Régions Rennes

Trois ans de retard pour un projet refusé pour cause de salamandre

La salamandre tachetée que l’on trouve à Rennes dans la prairie des Matelouères est un petit animal inoffensif. Pourtant, sa défense a donné lieu à une bagarre juridique menée par les opposants à la construction de quatre immeubles R + 2 à R + 4. La contestation du permis de construire pour ce programme de 53 logements dans le quartier de la Poterie, débute en juin 2011. « En septembre dernier, le juge a définitivement débouté les opposants de leur demande d’annulation de permis », se félicite Daniel Alliaume, président de SO.RE.IM, société de promotion locale retenue par la Ville de Rennes en 2009.

Associé à la Coop de Construction pour la réalisation de 26 logements aidés, Daniel Alliaume ajoute : « La salamandre est un prétexte.

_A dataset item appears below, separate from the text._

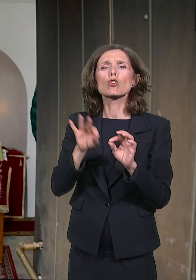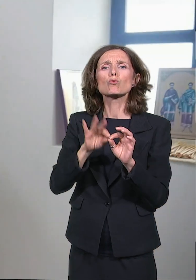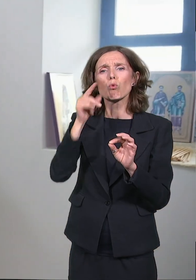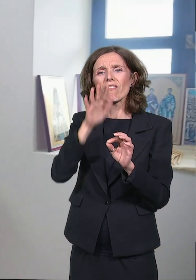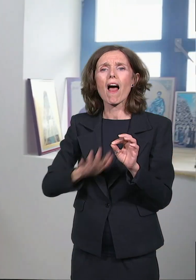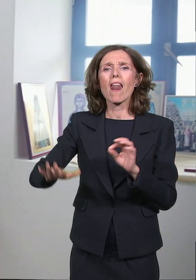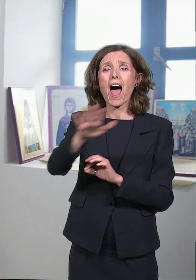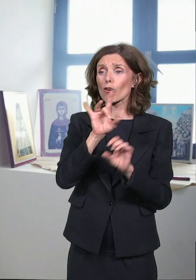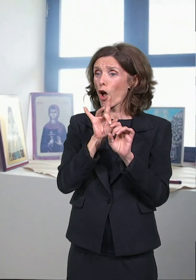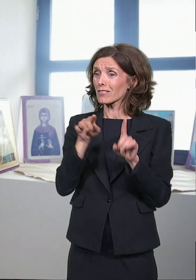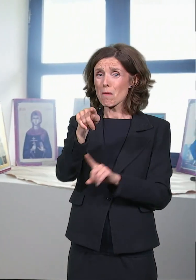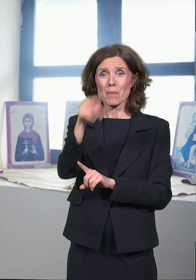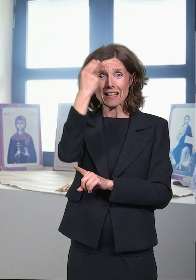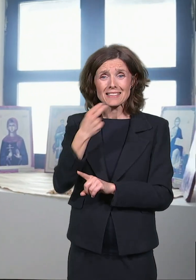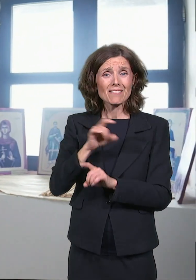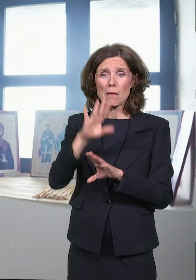ovim prostorima.

Ces riverains qui se prétendent écologistes voulaient garder l’usage de la prairie pour eux seuls. »

Les salamandres protégées du chantier

Le lancement commercial vient de démarrer et les différents marchés passés selon la procédure des lots séparés sont en cours d’attribution, afin que les travaux puissent être engagés dès le premier trimestre 2015. Ils devraient durer vingt-deux mois pour un coût de 6,24 millions d’euros TTC.Si le jugement du tribunal administratif n’exige aucune modification du projet, en revanche, un arrêté préfectoral demande la mise en œuvre d’une barrière écologique. « Il s’agit d’empêcher les salamandres de venir sur le chantier. Cette bâche s’étendra sur 150 mètres », précisent Georges Le Garzic et Bernard Menguy, architectes du programme. « Notre objectif était de toucher le moins possible à la prairie : en bordure de rue, nous avons un immeuble R + 4 et dans la prairie, sont prévus trois immeubles R + 2 », poursuivent-ils. Elaborés en 2010 selon la méthode PCI (processus de conception intégrée) qui réunit en amont tous les intervenants, du maître d’ouvrage jusqu’à l’habitant, ces quatre bâtiments intégraient déjà les prescriptions de la RT 2012. Se voulant exemplaire d’un point de vue environnemental, le cahier des charges allait même jusqu’à la protection d’un poirier centenaire situé au centre de la parcelle. « L’ensemble sera chauffé par une chaufferie bois à pellets et nous avons disposé les toitures de façon à ce qu’un opérateur puisse installer des capteurs photovoltaïques », détaille Bernard Menguy. Entre autres originalités du projet : les voitures sont absentes sur le site et les accès aux appartements sont privatisés par le biais de passerelles accrochées aux celliers en ganivelle construits à quelques mètres.